Dataset excerpts: Begin

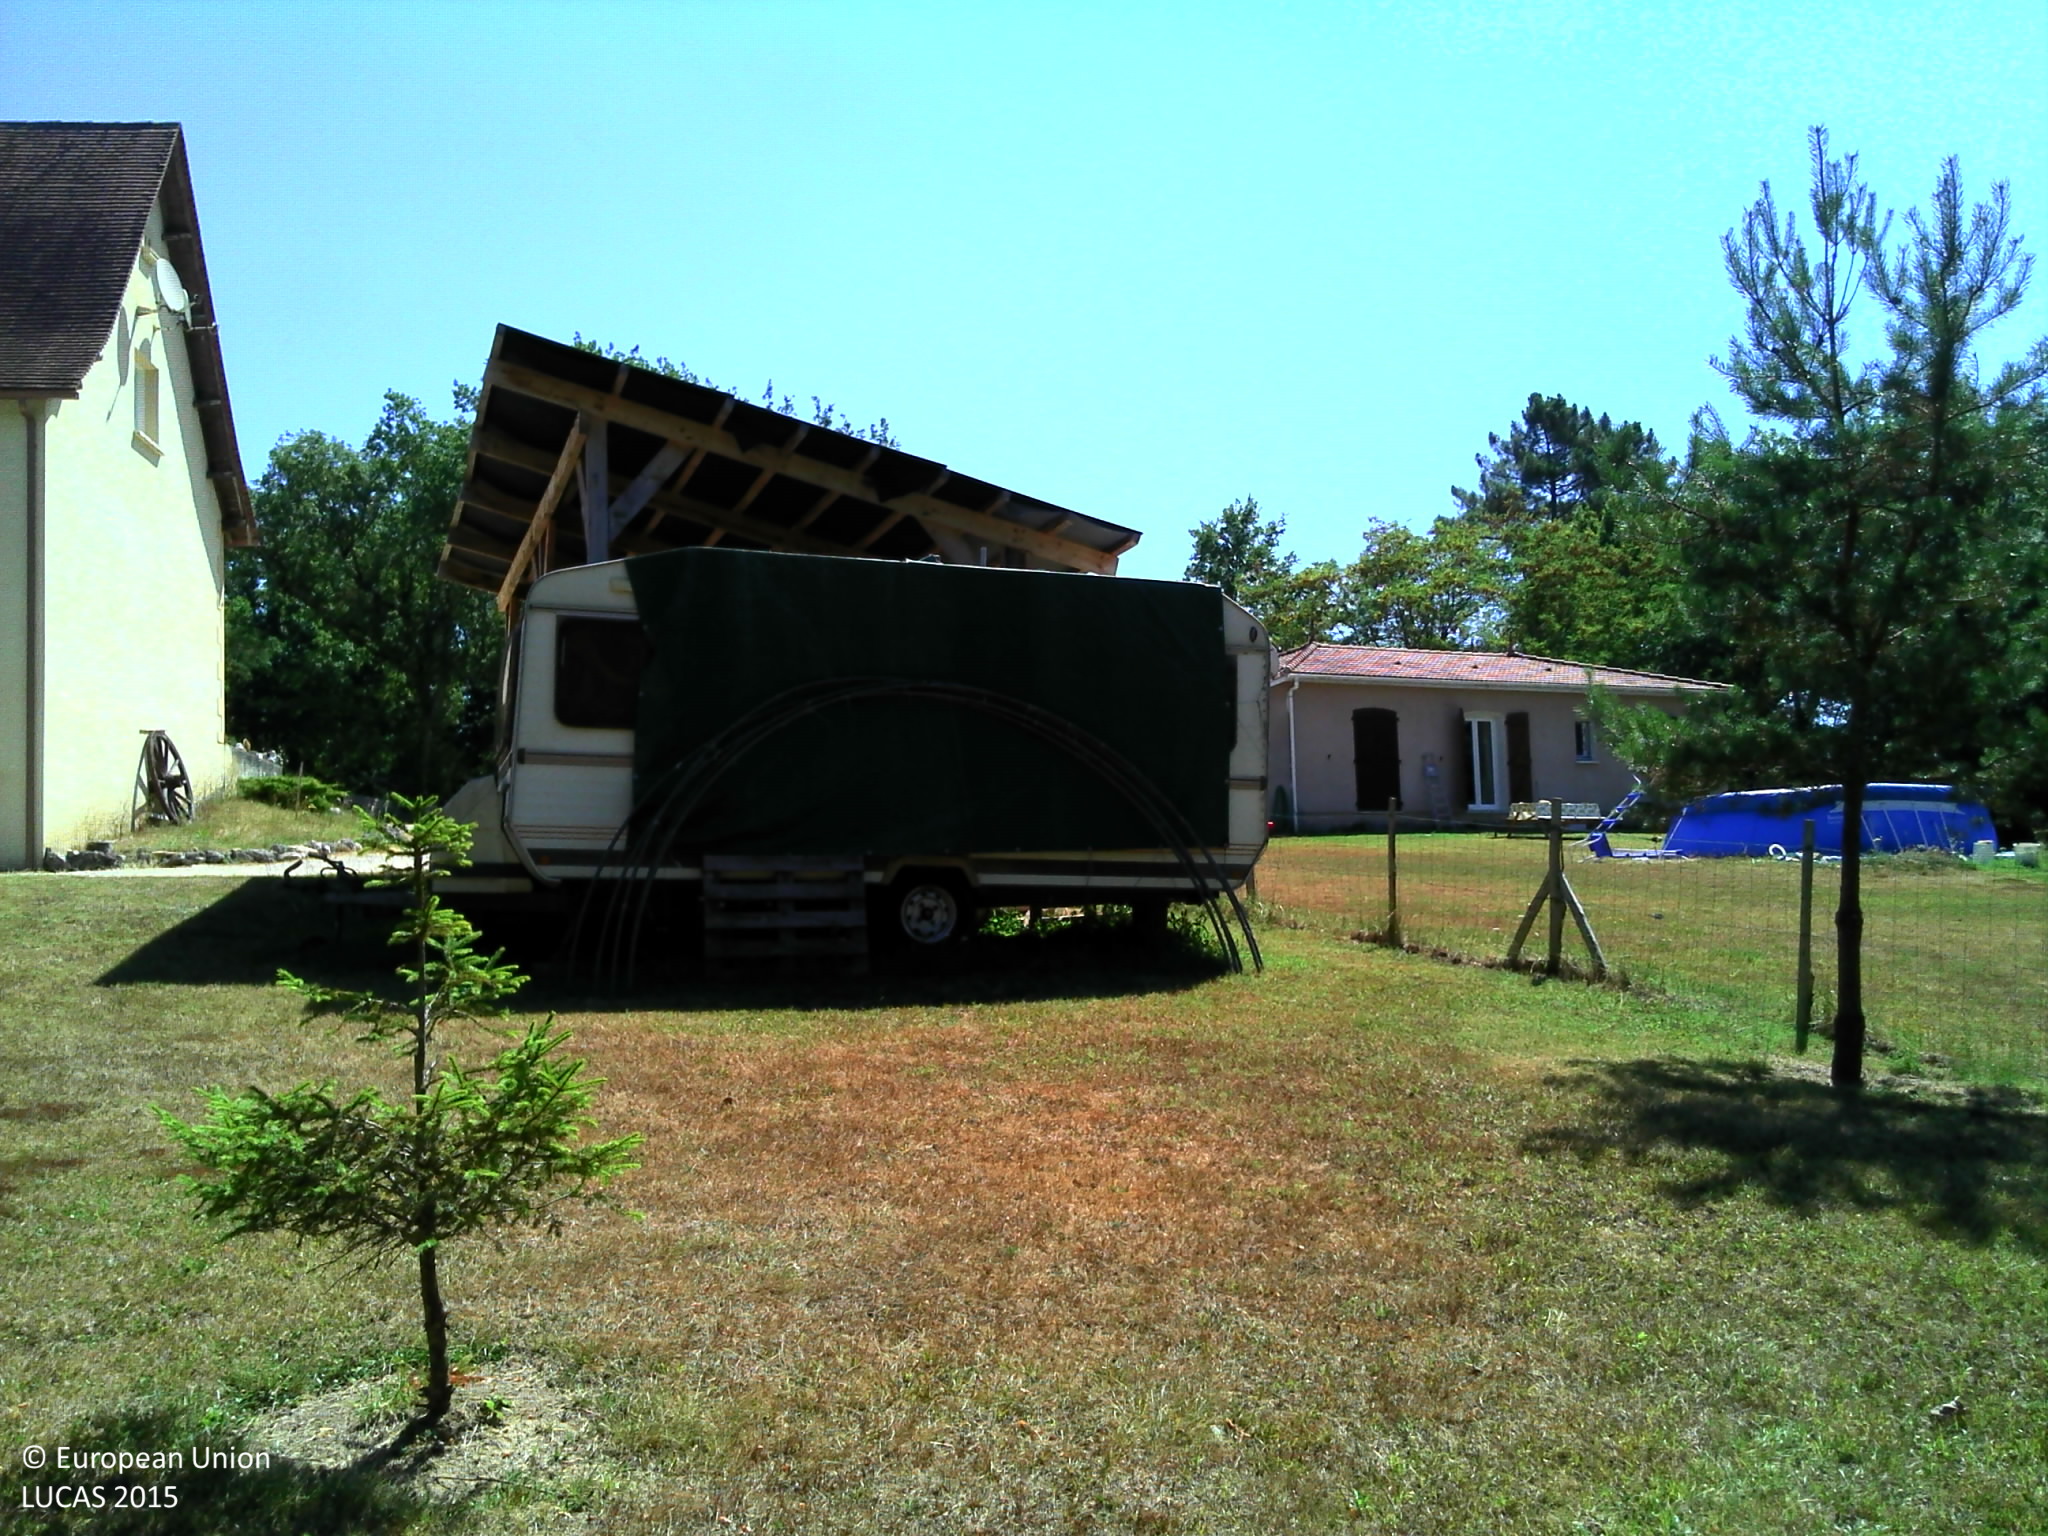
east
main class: Grassland
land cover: Grassland with sparse tree/shrub cover
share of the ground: > 75 %
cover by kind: herbaceous plants 95 %, broadleaved forest trees 5 %
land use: Residential
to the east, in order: Grassland with sparse tree/shrub cover; Artificial constructions in urban areas; Broadleaved woodland
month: July
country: FR
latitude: 44.9011
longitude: 0.5812
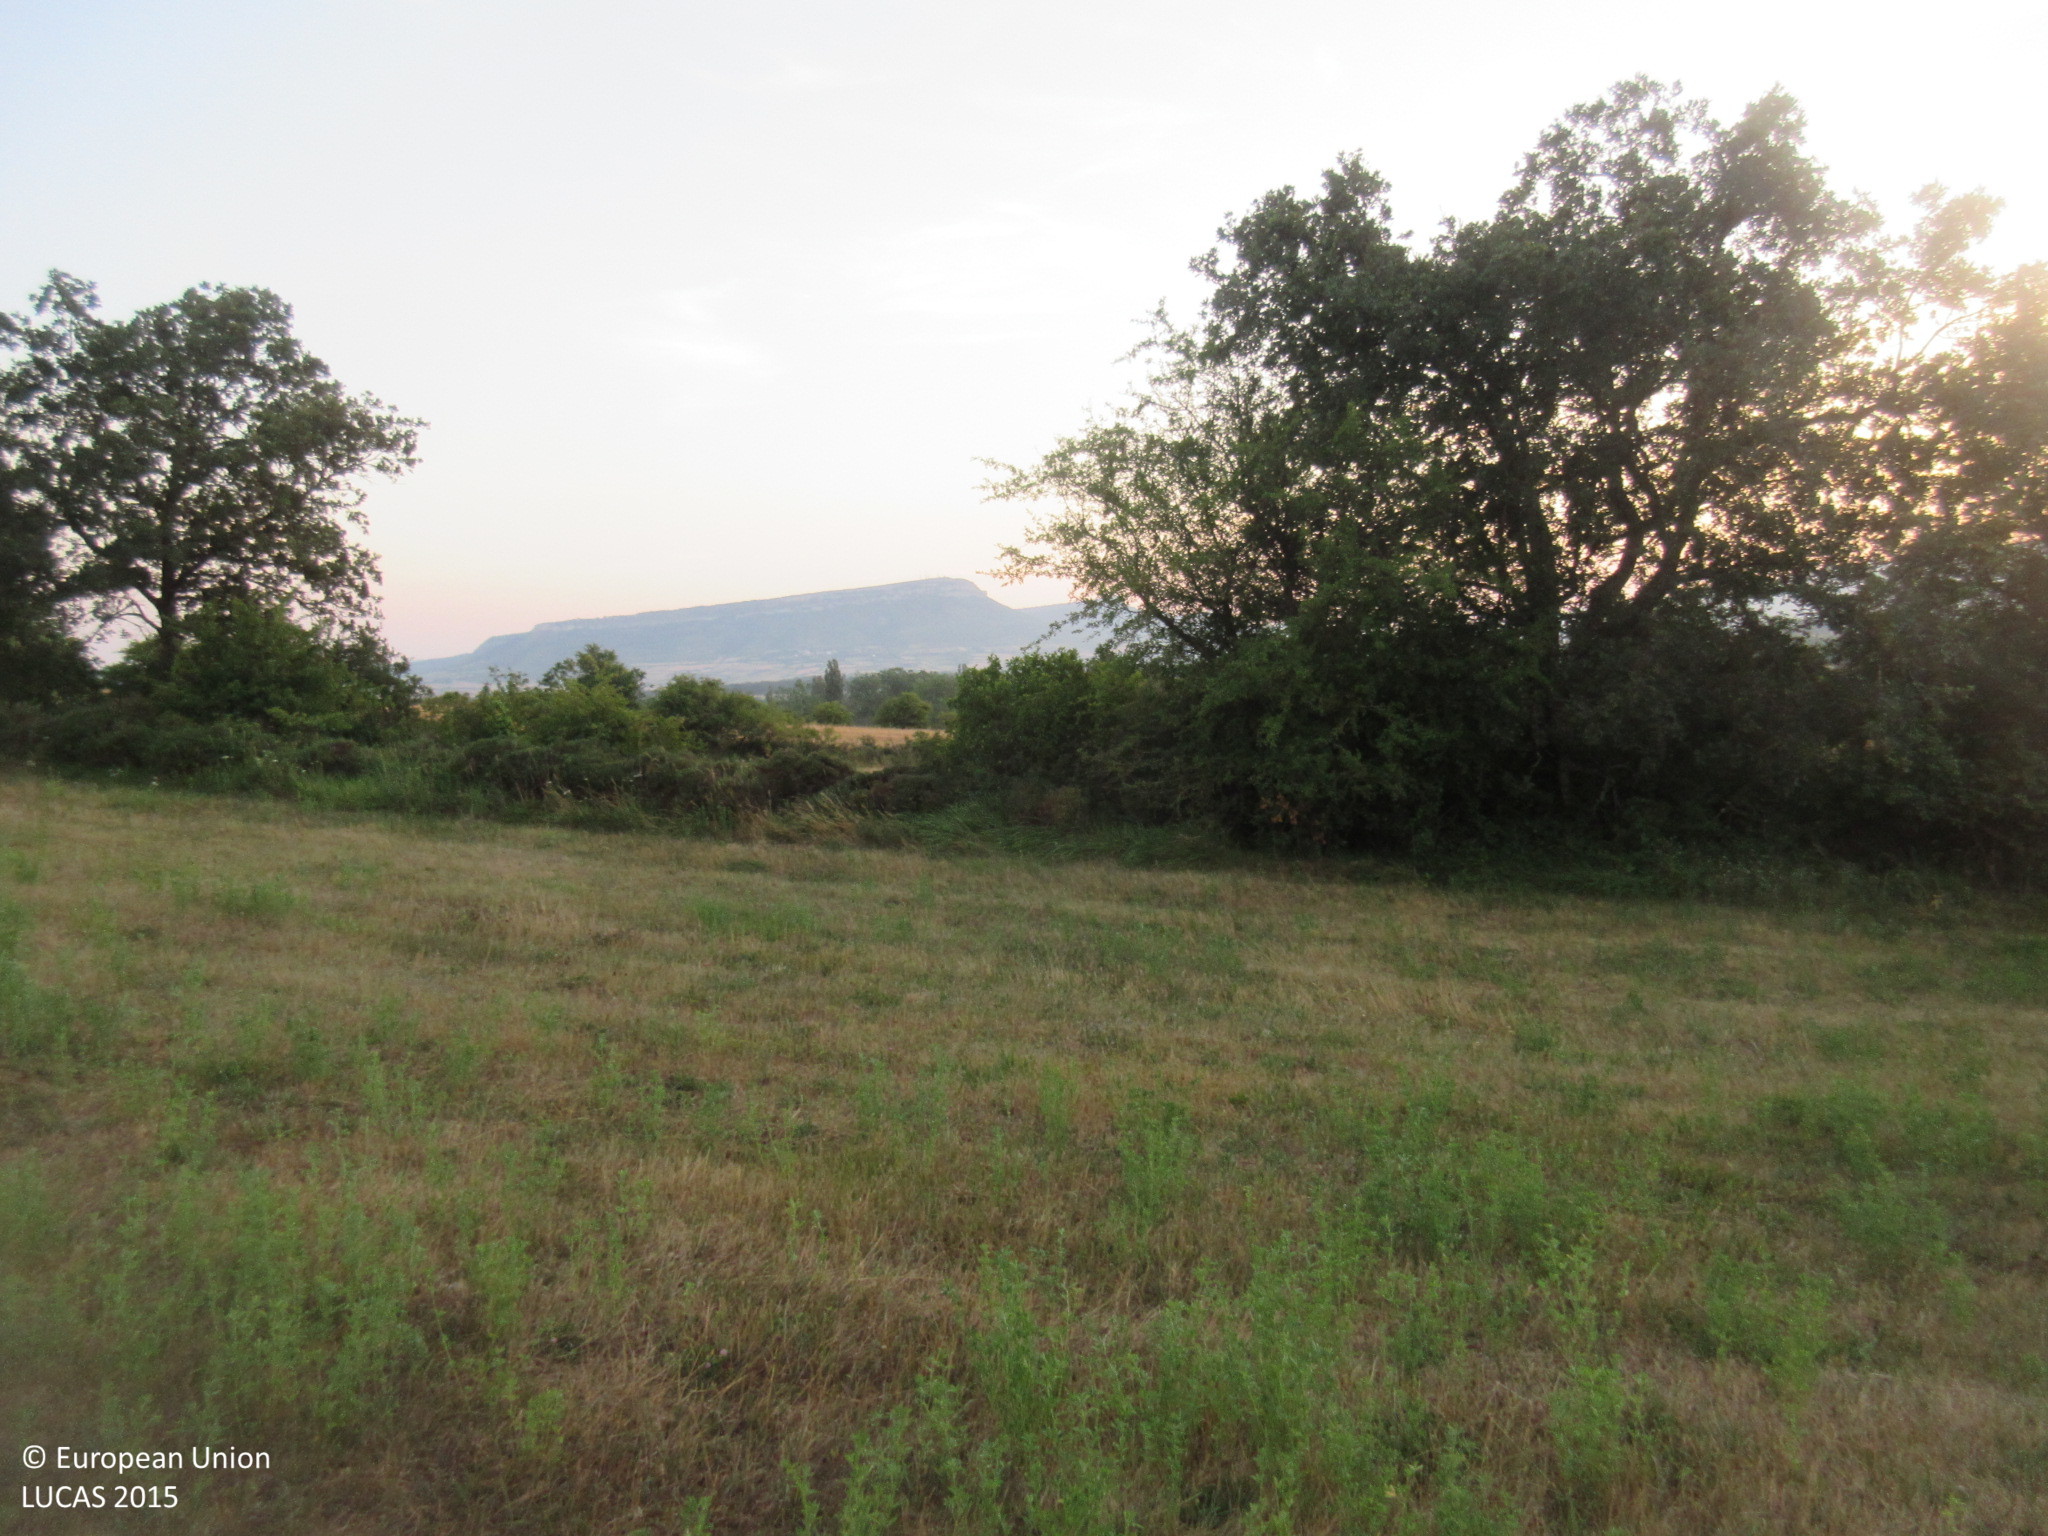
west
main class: Cropland
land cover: Lucerne
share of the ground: 25 - 50 %
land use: Agriculture (excluding fallow land and kitchen gardens)
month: July
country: ES
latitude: 43.0668
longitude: -3.4620

Dataset excerpts: End

- [Directions]: Omit the pictures. Transcribe word for word the lines from the one containing "main class: Grassland" through the end of the listing, inclusive.

- [Solution below]:
main class: Grassland
land cover: Grassland with sparse tree/shrub cover
share of the ground: > 75 %
cover by kind: herbaceous plants 95 %, broadleaved forest trees 5 %
land use: Residential
to the east, in order: Grassland with sparse tree/shrub cover; Artificial constructions in urban areas; Broadleaved woodland
month: July
country: FR
latitude: 44.9011
longitude: 0.5812
west
main class: Cropland
land cover: Lucerne
share of the ground: 25 - 50 %
land use: Agriculture (excluding fallow land and kitchen gardens)
month: July
country: ES
latitude: 43.0668
longitude: -3.4620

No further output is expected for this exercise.